Aim of the exercise
In the entries below, find the lines with the word "polyline" and copy them.
=== Section Start ===
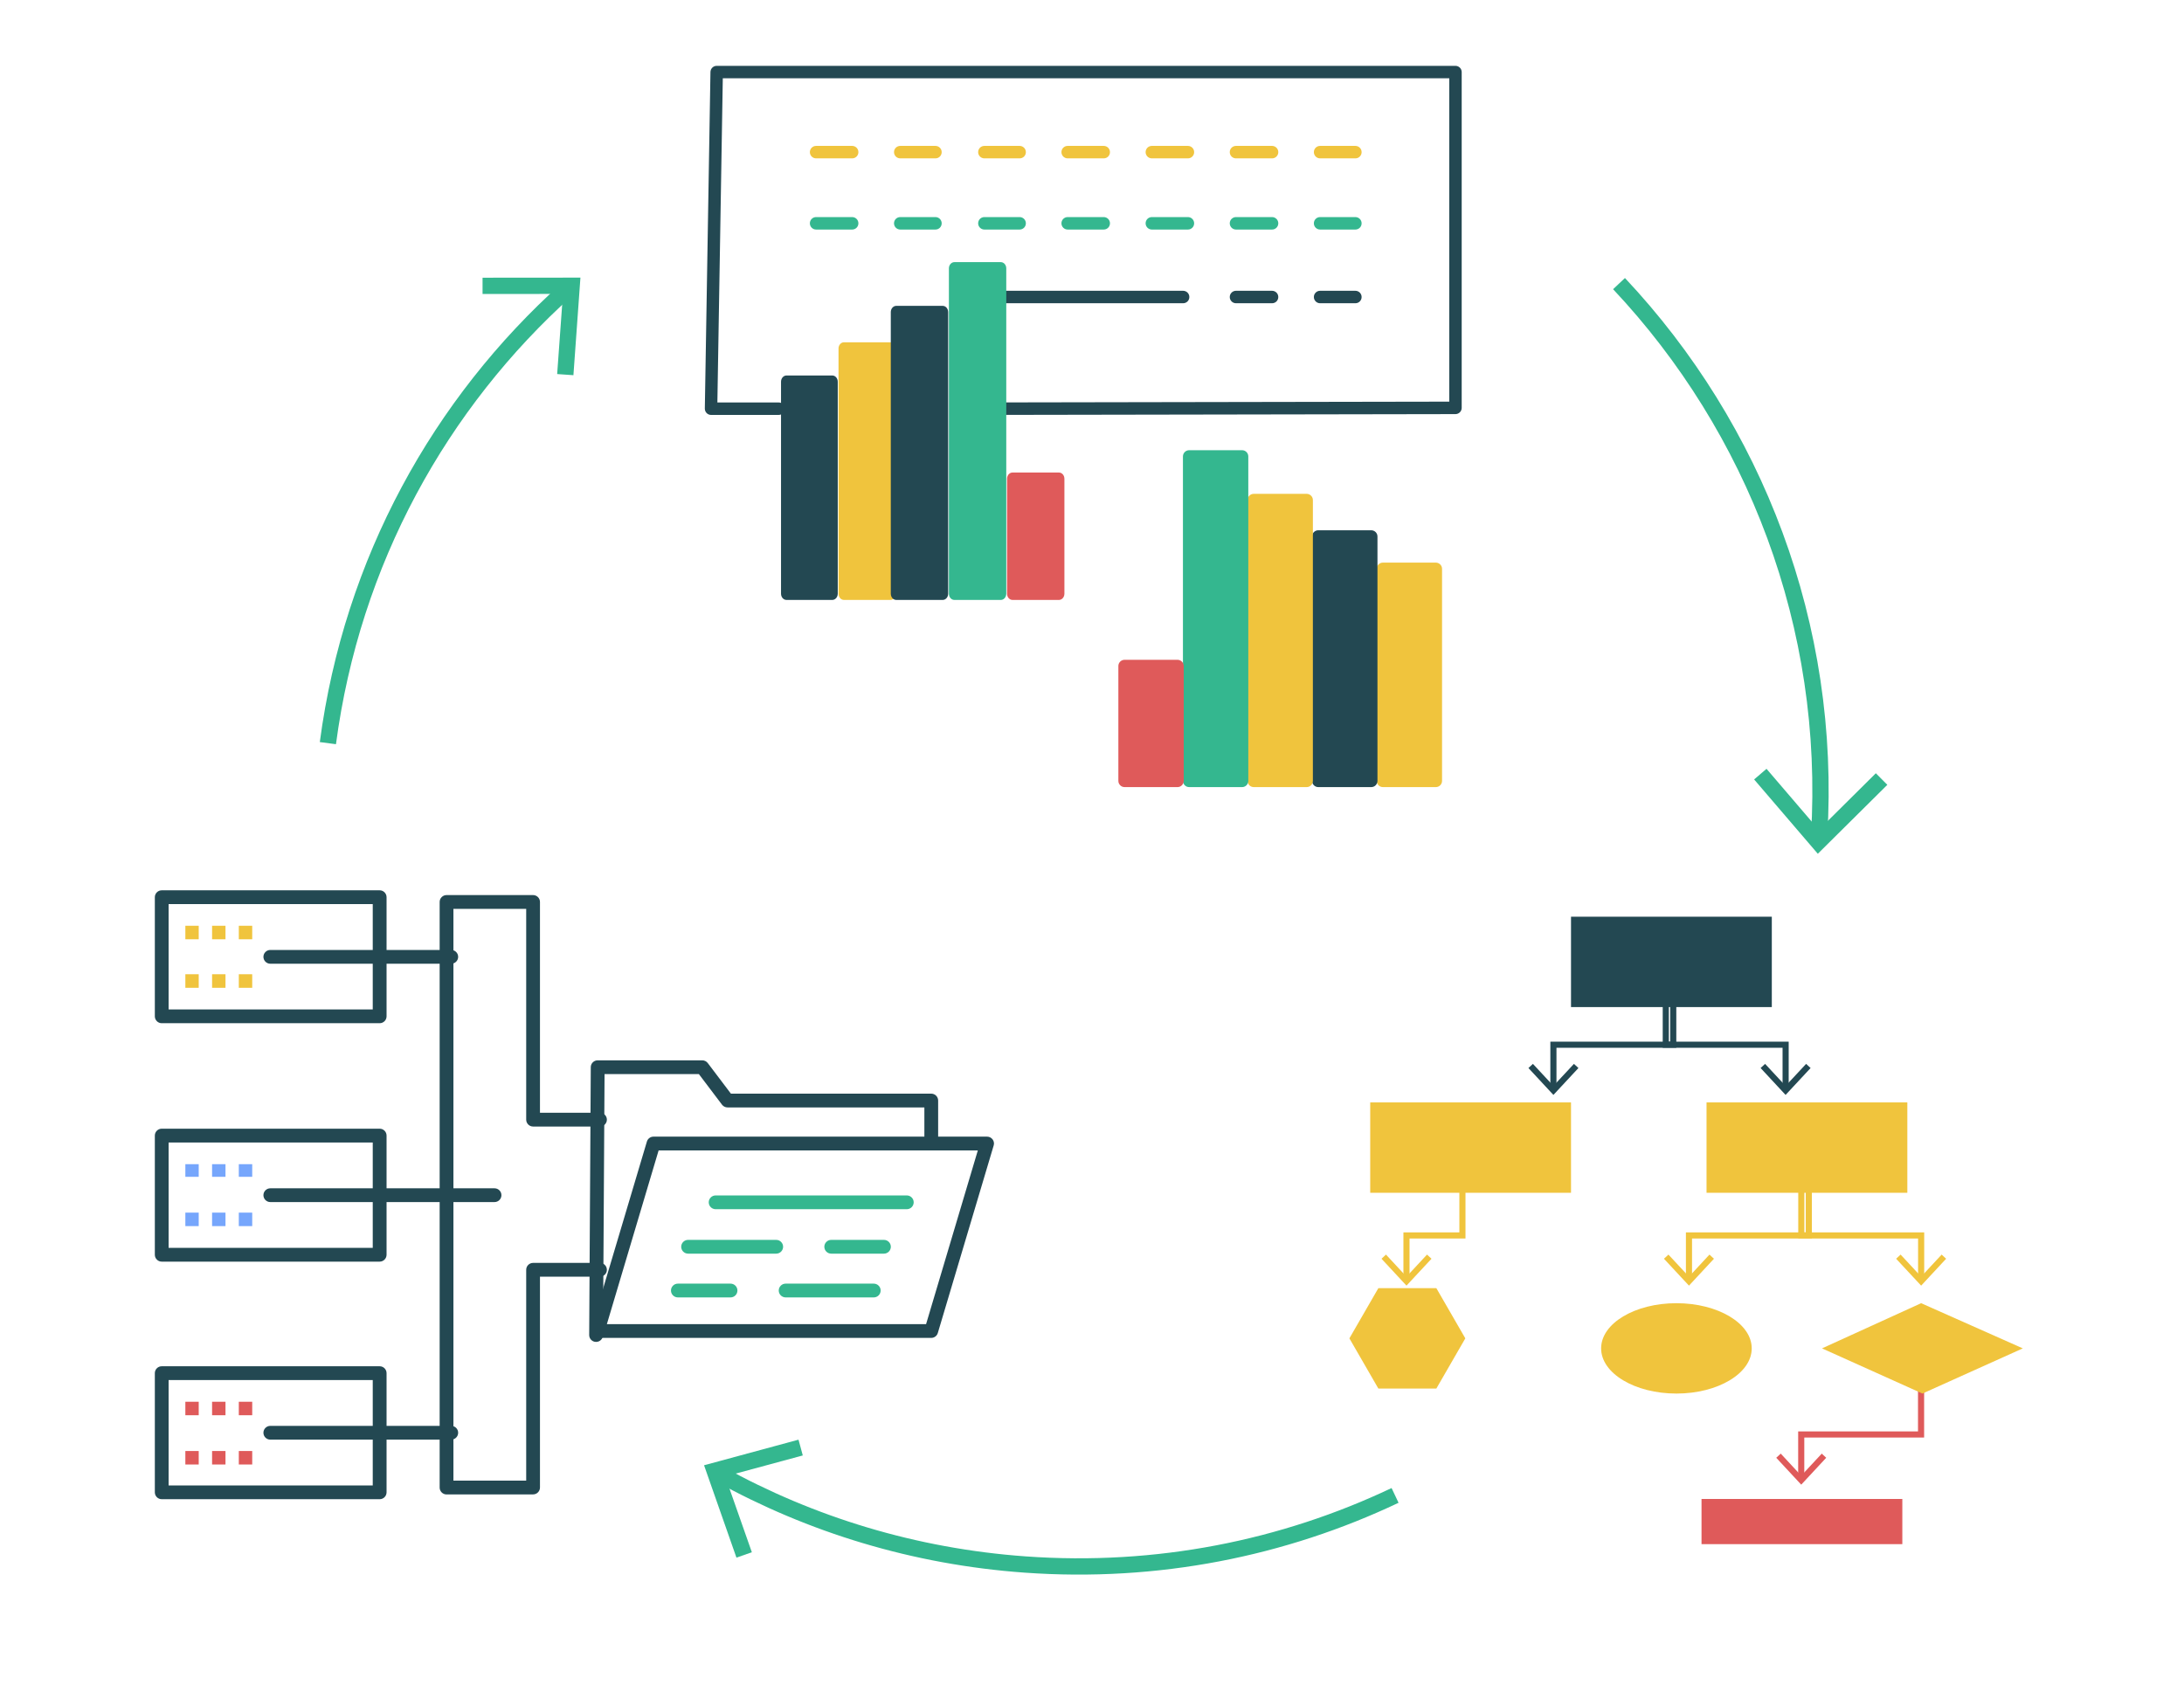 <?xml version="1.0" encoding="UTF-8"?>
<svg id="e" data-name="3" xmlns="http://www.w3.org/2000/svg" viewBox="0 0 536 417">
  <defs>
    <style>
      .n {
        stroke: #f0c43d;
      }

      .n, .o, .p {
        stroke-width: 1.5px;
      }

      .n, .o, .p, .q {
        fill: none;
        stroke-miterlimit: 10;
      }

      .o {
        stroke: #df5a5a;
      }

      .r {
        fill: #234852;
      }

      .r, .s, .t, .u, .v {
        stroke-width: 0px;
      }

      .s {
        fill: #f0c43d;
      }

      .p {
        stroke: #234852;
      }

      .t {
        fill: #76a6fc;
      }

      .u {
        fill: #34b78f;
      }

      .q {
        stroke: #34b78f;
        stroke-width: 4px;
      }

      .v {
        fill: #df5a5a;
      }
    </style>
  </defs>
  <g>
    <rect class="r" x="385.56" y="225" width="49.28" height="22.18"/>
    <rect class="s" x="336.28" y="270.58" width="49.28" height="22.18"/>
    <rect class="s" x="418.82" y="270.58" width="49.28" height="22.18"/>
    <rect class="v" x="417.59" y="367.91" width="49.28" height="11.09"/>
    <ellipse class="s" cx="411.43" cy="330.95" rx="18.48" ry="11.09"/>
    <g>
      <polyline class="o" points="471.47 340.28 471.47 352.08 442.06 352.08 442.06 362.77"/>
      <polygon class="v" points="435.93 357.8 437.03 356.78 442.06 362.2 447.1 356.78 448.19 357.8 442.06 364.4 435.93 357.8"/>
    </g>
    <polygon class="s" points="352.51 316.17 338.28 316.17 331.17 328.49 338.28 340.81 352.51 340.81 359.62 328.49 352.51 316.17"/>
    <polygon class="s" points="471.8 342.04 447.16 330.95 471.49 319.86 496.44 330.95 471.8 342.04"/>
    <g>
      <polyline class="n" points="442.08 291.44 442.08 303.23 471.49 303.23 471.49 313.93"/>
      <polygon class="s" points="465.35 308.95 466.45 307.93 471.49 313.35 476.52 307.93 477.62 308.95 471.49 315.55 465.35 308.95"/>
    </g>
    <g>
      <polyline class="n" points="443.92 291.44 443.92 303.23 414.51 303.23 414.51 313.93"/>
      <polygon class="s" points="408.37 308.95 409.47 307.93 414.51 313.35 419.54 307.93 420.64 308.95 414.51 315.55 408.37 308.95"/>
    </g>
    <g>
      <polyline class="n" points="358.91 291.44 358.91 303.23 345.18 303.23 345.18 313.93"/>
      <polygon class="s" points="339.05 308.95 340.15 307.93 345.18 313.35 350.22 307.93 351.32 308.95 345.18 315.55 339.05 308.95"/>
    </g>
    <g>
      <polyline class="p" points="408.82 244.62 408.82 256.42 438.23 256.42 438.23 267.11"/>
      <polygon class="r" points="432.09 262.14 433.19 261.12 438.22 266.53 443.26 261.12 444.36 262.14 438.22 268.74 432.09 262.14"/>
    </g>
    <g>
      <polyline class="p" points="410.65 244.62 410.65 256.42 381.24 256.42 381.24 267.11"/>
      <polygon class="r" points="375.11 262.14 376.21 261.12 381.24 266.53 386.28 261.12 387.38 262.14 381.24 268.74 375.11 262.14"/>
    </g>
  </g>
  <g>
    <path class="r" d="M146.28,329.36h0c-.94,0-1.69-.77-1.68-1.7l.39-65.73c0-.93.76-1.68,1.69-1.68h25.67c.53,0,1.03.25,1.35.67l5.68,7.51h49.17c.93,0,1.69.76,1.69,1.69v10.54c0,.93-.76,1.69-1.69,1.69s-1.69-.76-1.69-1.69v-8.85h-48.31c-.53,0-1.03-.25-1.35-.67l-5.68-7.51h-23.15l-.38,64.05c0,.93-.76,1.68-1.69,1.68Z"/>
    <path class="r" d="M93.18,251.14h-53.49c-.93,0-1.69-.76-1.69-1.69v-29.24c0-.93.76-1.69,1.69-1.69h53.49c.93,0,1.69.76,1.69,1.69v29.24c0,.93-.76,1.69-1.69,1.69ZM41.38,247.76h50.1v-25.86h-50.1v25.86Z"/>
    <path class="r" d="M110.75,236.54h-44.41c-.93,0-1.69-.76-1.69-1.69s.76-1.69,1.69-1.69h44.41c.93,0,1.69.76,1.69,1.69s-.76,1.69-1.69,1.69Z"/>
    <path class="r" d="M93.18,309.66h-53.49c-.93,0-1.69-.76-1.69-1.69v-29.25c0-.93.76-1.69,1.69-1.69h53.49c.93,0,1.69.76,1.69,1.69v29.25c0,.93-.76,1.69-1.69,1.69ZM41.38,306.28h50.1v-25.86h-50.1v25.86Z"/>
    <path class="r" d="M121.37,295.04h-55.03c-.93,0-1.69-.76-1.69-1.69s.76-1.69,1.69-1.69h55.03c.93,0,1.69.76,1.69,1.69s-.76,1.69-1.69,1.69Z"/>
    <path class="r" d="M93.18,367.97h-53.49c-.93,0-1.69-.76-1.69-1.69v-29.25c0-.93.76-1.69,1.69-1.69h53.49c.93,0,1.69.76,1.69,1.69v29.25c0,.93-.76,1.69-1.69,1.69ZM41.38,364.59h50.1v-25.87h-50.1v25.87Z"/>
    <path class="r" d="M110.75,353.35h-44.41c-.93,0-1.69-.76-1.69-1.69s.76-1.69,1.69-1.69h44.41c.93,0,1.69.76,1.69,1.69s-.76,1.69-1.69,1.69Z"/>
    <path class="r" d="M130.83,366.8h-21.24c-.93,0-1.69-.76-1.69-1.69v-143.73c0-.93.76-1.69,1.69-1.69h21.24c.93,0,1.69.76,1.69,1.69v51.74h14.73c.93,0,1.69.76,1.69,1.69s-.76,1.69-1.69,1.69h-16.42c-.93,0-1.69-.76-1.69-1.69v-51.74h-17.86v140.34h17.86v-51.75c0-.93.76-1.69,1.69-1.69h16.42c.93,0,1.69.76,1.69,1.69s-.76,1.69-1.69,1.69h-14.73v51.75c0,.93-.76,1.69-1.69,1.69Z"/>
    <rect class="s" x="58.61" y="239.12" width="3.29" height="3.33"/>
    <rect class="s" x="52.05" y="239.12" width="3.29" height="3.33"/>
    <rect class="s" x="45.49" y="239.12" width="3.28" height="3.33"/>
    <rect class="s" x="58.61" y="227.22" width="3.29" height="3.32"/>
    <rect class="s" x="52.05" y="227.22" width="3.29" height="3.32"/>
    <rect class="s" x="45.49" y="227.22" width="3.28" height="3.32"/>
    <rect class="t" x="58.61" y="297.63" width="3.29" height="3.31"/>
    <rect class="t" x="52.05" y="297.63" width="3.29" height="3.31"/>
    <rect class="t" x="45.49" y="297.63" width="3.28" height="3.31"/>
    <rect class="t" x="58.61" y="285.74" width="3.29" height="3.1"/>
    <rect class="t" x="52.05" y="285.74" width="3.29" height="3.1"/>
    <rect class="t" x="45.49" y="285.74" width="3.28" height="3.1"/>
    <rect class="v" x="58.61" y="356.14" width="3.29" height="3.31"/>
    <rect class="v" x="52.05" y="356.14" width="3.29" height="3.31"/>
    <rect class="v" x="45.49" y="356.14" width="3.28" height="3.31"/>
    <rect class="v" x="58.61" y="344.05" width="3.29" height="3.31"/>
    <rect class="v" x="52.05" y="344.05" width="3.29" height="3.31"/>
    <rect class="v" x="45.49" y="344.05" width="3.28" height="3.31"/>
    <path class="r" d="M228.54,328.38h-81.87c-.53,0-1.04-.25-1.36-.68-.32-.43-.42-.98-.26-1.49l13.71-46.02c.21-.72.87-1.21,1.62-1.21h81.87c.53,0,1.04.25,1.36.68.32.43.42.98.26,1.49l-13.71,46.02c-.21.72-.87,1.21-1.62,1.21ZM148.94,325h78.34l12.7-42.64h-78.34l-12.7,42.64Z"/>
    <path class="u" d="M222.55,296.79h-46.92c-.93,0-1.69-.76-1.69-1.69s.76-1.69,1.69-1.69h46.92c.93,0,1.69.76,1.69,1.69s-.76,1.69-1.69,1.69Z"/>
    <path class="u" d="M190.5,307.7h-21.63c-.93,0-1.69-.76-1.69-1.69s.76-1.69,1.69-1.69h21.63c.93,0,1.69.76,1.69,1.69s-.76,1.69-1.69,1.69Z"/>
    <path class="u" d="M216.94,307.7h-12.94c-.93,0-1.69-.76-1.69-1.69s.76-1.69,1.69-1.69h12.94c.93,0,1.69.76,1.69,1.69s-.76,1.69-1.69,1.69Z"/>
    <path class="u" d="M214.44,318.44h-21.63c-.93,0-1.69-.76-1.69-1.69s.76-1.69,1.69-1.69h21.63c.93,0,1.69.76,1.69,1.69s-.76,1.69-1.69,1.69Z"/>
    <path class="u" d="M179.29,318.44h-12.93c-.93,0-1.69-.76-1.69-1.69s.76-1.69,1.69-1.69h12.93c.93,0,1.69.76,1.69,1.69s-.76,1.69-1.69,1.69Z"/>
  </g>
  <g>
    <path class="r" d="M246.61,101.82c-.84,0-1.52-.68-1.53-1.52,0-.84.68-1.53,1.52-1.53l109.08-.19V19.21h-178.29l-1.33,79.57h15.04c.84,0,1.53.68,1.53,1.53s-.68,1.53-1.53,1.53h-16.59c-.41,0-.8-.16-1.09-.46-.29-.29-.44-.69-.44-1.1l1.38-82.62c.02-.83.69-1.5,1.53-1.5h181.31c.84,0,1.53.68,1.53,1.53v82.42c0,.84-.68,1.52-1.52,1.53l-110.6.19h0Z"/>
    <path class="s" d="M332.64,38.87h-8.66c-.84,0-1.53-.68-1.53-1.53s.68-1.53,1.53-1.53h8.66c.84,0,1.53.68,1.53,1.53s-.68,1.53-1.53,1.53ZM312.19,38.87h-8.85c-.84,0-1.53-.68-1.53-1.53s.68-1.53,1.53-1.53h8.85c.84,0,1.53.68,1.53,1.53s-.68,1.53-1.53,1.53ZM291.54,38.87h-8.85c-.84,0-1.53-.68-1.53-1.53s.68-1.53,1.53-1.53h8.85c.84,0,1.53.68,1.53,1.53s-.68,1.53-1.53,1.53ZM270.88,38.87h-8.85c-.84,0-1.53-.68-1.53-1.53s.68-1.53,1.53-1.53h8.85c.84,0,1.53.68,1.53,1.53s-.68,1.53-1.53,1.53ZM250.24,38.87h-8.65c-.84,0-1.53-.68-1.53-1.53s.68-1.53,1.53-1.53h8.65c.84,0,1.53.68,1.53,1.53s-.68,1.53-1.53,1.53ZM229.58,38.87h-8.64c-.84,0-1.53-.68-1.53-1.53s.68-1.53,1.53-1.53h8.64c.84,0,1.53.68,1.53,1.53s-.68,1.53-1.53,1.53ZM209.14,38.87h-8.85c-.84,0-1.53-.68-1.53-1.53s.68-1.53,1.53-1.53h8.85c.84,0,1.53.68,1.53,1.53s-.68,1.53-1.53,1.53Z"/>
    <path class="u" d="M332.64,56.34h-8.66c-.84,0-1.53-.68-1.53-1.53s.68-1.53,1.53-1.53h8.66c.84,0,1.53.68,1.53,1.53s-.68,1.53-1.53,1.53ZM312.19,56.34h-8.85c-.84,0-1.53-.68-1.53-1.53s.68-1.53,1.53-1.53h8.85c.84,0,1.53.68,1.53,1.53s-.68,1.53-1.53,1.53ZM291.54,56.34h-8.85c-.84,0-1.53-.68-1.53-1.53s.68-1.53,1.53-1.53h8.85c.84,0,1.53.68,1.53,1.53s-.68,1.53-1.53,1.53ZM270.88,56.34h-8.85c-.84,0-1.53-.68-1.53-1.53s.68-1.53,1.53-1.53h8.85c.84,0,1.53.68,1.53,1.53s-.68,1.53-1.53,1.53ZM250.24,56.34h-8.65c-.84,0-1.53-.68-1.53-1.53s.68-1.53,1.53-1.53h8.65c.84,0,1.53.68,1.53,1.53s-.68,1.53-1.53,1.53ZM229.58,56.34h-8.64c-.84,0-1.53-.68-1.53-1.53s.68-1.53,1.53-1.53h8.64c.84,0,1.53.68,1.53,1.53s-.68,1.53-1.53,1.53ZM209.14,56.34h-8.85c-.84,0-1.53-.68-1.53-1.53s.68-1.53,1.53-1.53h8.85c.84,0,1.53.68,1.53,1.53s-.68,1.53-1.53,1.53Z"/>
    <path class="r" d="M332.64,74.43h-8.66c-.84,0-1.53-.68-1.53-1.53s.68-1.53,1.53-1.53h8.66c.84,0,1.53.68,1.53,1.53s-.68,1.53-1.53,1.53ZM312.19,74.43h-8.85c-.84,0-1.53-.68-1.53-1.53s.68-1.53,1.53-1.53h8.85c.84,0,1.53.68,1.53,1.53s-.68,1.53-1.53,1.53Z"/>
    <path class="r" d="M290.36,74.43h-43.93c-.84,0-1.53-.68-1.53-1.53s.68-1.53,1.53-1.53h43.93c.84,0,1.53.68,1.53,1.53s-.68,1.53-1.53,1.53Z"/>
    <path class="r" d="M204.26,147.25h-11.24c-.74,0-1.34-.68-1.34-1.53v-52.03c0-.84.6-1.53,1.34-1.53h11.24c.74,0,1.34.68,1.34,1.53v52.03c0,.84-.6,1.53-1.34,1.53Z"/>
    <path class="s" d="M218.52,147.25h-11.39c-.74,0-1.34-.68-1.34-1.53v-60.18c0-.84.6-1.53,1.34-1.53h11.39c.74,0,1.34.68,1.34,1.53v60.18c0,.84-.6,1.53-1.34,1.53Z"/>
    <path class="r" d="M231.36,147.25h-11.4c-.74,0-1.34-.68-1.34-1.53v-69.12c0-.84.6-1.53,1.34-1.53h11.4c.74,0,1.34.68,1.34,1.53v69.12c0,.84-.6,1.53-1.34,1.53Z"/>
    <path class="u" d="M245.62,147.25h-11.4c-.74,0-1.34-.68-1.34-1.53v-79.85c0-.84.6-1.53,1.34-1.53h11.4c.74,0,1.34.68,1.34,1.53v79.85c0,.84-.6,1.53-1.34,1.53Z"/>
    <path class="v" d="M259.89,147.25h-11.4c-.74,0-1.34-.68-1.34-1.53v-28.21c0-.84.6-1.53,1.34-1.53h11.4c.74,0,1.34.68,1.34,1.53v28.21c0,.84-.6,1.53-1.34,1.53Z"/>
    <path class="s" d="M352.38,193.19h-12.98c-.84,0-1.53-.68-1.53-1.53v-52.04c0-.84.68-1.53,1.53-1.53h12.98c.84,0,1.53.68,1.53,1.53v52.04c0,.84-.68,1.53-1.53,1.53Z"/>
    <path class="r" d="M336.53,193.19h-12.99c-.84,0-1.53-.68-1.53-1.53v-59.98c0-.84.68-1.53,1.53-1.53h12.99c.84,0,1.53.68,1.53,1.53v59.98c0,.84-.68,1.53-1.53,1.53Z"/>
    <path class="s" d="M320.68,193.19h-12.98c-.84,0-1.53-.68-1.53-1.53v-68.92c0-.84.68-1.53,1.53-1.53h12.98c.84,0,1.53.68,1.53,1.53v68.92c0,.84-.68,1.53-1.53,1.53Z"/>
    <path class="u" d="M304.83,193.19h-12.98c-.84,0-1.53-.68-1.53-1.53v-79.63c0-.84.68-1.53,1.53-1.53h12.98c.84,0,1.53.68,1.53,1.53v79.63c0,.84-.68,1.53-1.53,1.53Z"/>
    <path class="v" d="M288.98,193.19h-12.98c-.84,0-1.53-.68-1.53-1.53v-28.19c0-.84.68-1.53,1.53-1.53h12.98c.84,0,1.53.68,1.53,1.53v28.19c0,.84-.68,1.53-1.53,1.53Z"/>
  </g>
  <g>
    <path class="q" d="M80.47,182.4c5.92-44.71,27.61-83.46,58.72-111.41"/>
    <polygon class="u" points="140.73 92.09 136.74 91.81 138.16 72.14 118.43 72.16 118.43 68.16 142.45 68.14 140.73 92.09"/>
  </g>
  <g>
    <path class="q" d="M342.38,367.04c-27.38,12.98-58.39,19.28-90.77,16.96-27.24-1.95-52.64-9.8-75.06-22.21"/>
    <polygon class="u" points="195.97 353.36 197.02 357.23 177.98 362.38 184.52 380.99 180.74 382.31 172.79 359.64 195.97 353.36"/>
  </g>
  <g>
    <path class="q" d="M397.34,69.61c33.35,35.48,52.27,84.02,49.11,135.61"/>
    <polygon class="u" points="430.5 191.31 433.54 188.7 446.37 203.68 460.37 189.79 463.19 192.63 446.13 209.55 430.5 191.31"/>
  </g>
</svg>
=== Section End ===
Response
      <polyline class="o" points="471.47 340.28 471.47 352.08 442.06 352.08 442.06 362.77"/>
      <polyline class="n" points="442.08 291.44 442.08 303.23 471.49 303.23 471.49 313.93"/>
      <polyline class="n" points="443.92 291.44 443.92 303.23 414.51 303.23 414.51 313.93"/>
      <polyline class="n" points="358.91 291.44 358.91 303.23 345.18 303.23 345.18 313.93"/>
      <polyline class="p" points="408.82 244.62 408.82 256.42 438.23 256.42 438.23 267.11"/>
      <polyline class="p" points="410.65 244.62 410.65 256.42 381.24 256.42 381.24 267.11"/>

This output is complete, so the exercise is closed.